EXERCISE INSTRUCTIONS
Please transcribe the listing below in full and word for word, without its pictures.
======
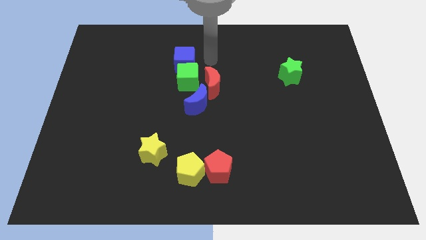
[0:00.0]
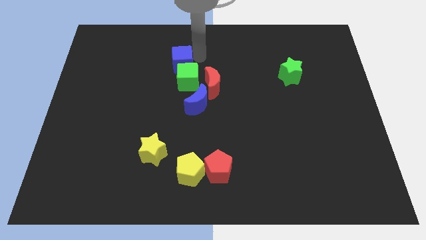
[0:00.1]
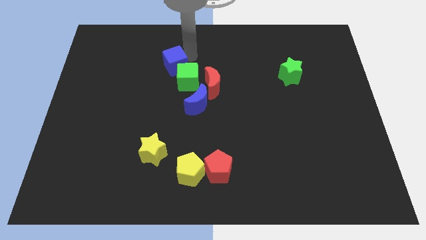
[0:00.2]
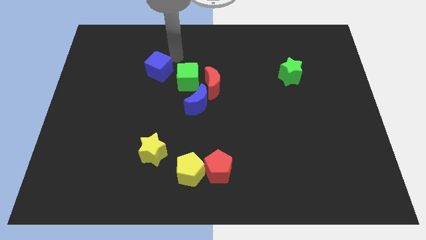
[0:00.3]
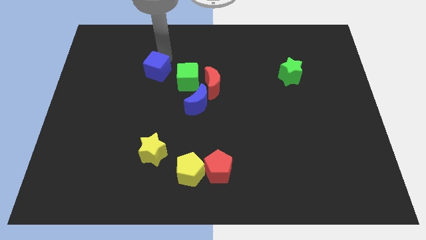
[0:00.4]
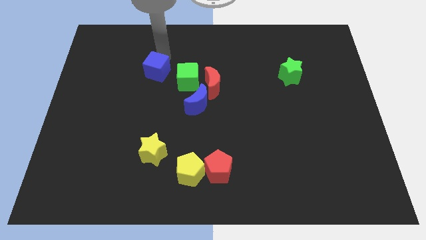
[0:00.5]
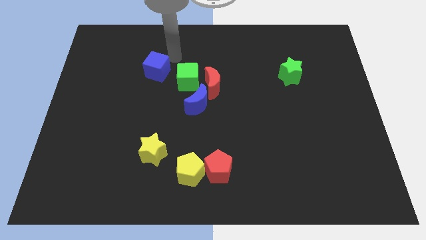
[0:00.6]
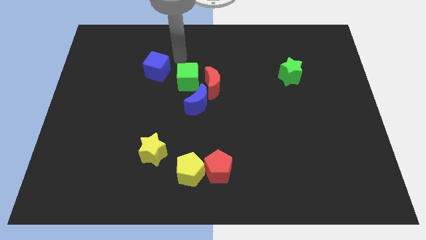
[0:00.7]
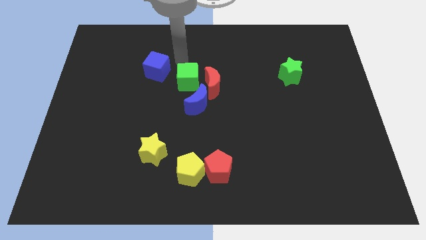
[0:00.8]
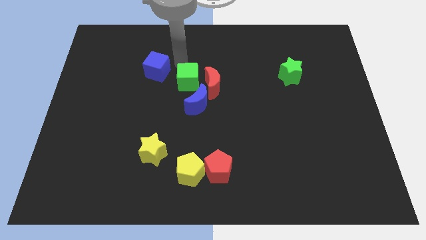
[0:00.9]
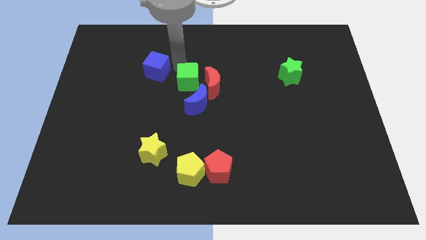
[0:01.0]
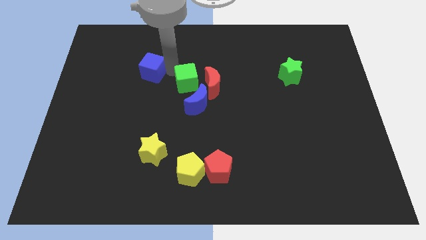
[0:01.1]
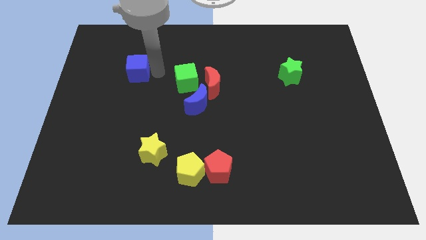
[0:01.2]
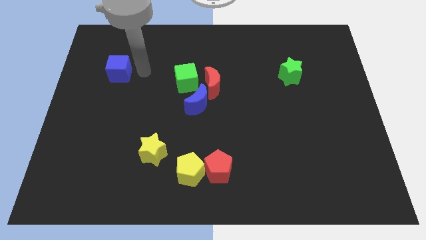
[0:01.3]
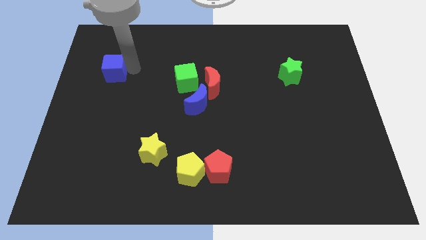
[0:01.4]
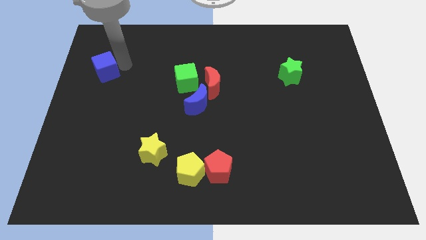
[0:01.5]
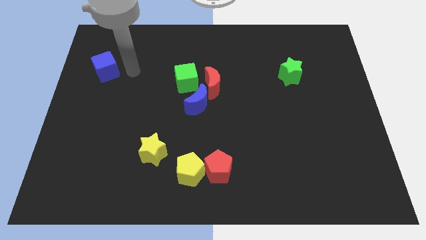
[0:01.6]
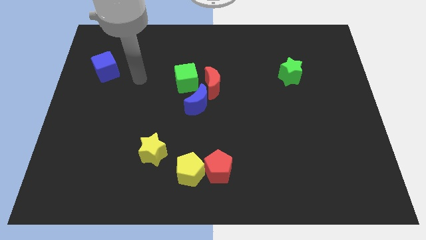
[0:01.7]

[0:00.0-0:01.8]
move the blue cube towards left side
======
RESPONSE TO THE EXERCISE
[0:00.0]
[0:00.1]
[0:00.2]
[0:00.3]
[0:00.4]
[0:00.5]
[0:00.6]
[0:00.7]
[0:00.8]
[0:00.9]
[0:01.0]
[0:01.1]
[0:01.2]
[0:01.3]
[0:01.4]
[0:01.5]
[0:01.6]
[0:01.7]

[0:00.0-0:01.8]
move the blue cube towards left side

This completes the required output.